図5 Laneはアルカリ熱水が地下から噴出するベントでは、水素イオン勾配が維持できる条件があると提唱している。
LaneはMartinとともに、熱水噴出孔でLUCA誕生の準備が進んだと考えている一人だ。マイクロセルは小さな穴が空いているが、分子透過性の選択性はない。図では、この穴に水素イオンが透過する脂肪膜を持った小胞が詰まるという状況を設定している。熱水噴出孔では、地底から湧き出すアルカリ性の液体と、弱酸性の海水が存在するが、それぞれの流れが脂肪胞とマイクロセルを形成する無機物で隔てられると、持続する水素イオンの勾配が図の上下で生まれる。地底からの液体と、海水は常に流れているので上下のpHの差は維持され、水素イオンの勾配も維持される。
ここに図5・緑色で示した水素イオンの流れをATP合成に使える原始的タンパク質が誕生すれば、水素イオンを脂肪胞外へ汲み出す複雑なメカニズムが存在しなくとも、ATP合成システムを持つ脂肪小胞が生まれる。その後、同じ脂肪胞内で水素イオンと他のイオンを交換的に移行させるトランスポーター分子がたまたま合成されると、水素イオンの汲み出し機構とATP合成システムの両方を備えた脂肪胞が完成する。

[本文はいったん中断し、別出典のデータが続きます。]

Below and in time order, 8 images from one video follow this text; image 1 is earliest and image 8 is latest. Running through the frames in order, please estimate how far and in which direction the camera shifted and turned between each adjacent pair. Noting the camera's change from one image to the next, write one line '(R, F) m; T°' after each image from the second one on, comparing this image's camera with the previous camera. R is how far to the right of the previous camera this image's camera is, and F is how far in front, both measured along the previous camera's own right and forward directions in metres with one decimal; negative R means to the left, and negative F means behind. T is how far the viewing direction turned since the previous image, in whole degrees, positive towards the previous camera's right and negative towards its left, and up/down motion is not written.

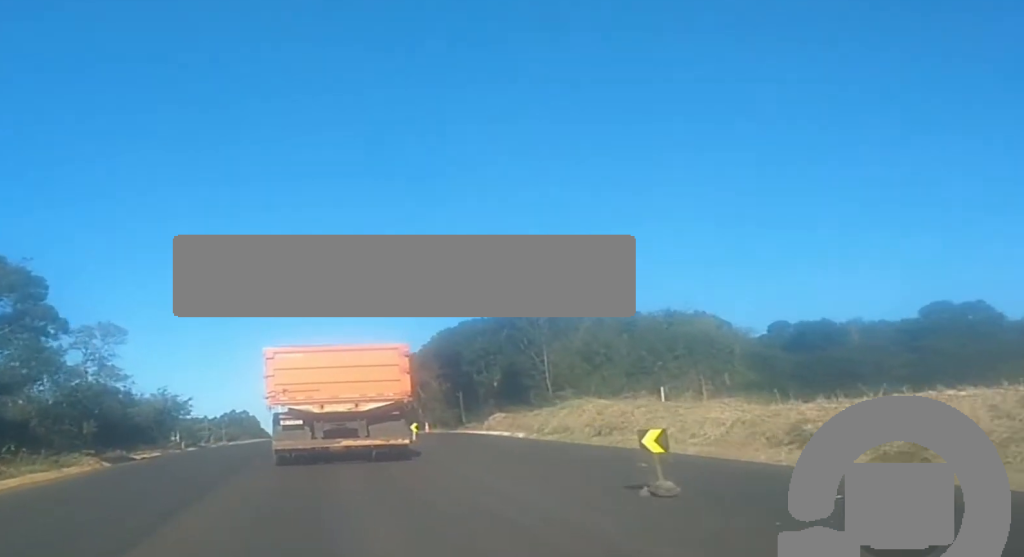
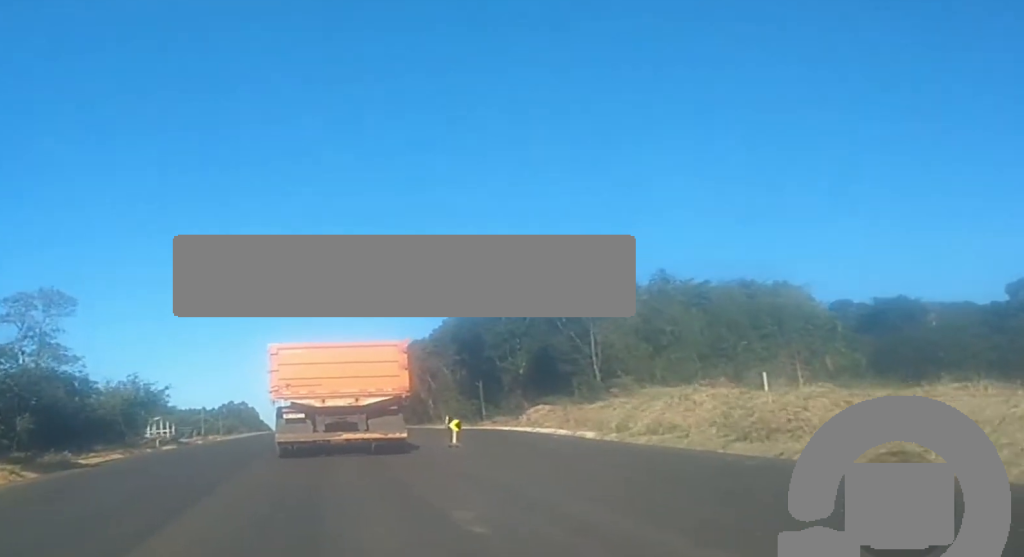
(0.0, +10.1) m; 0°
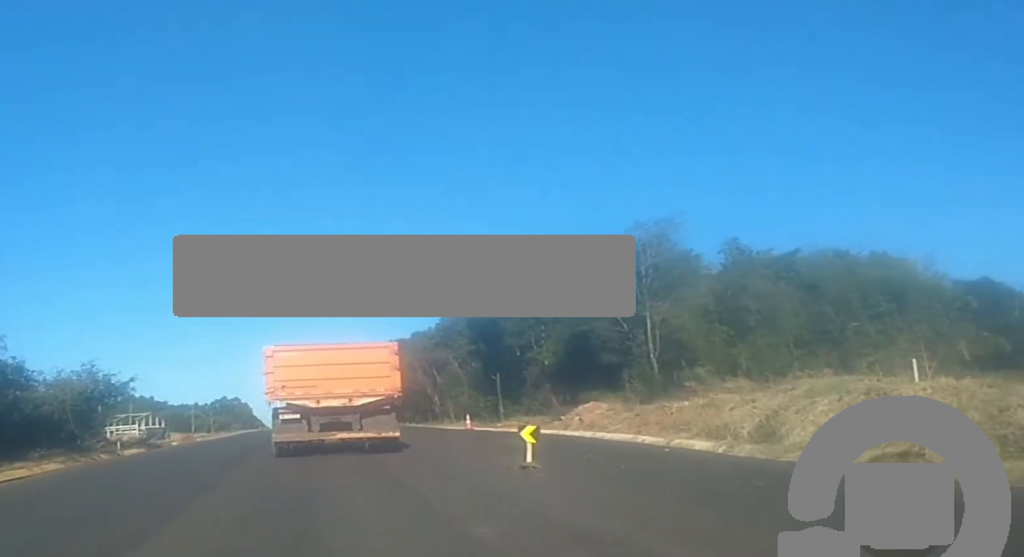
(0.0, +9.3) m; 0°
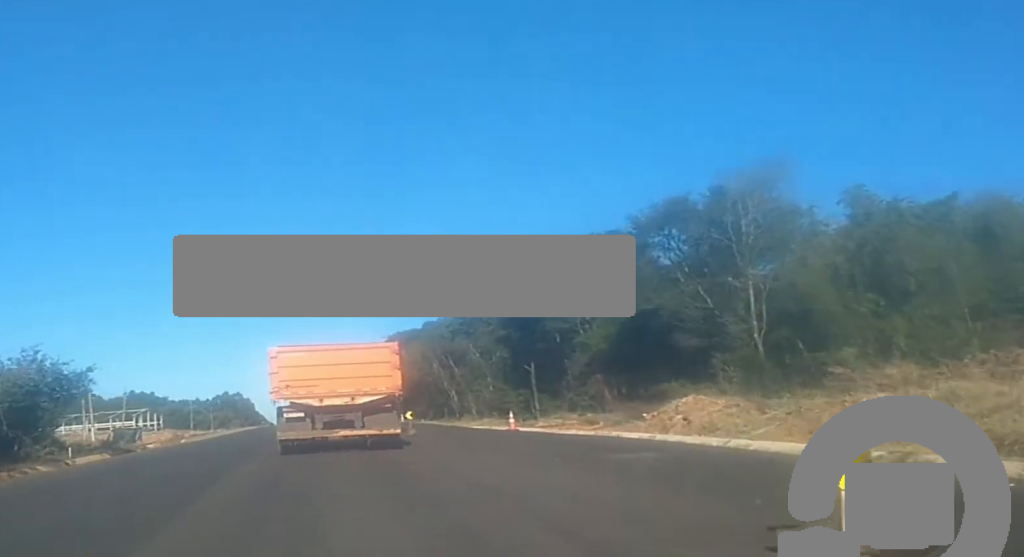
(0.0, +9.5) m; +1°
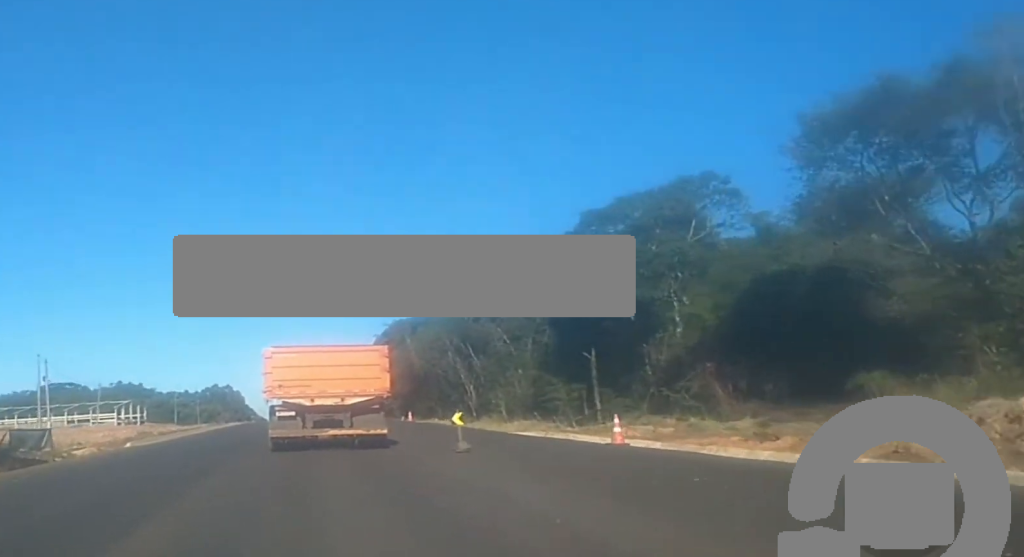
(+0.2, +13.4) m; +1°
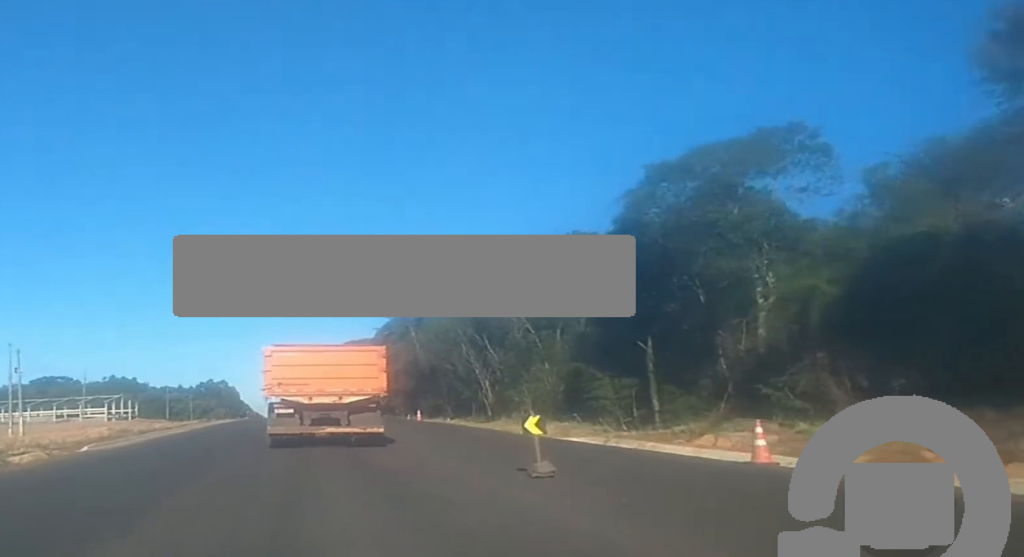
(0.0, +7.3) m; 0°
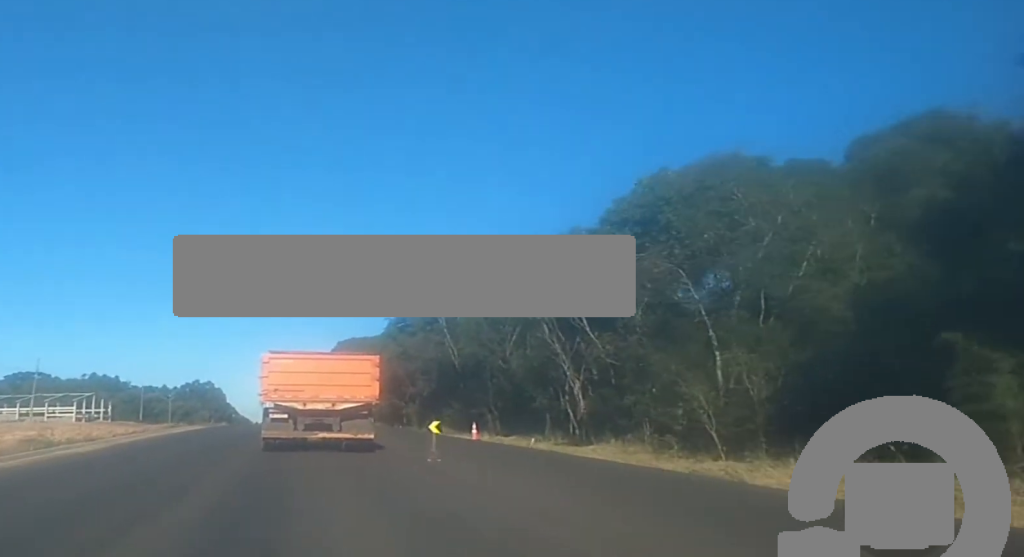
(+0.2, +21.4) m; 0°
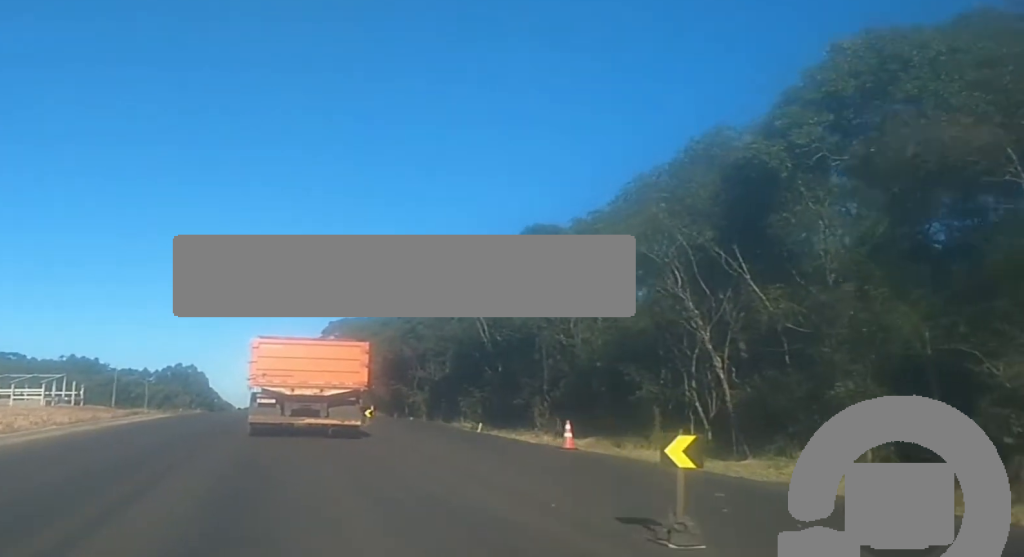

このシナリオが実際に起こったかどうかはわからない。しかしこの考えは、LUCAに必須のATP合成システムとアセチルCoAを併せ持った脂肪胞の形成過程を、大きな飛躍をせずに考えられることを示唆している。少なくとも私は、エネルギーと有機物質合成系を備えた脂肪胞が熱水噴出孔で発生することがそれほど困難でないと確信できる。また、このような細胞様システムを人工的に合成して研究が行われることも遠くない話だと思っている。
とはいえ、エネルギーと有機物の合成系を内在する小胞を先行させて考えるとき、次にもっとも難しい問題として登場するのが複製だ。ORのような単純な構造の複製は容易だが、系が複雑になればなるほど、その複製は困難になる。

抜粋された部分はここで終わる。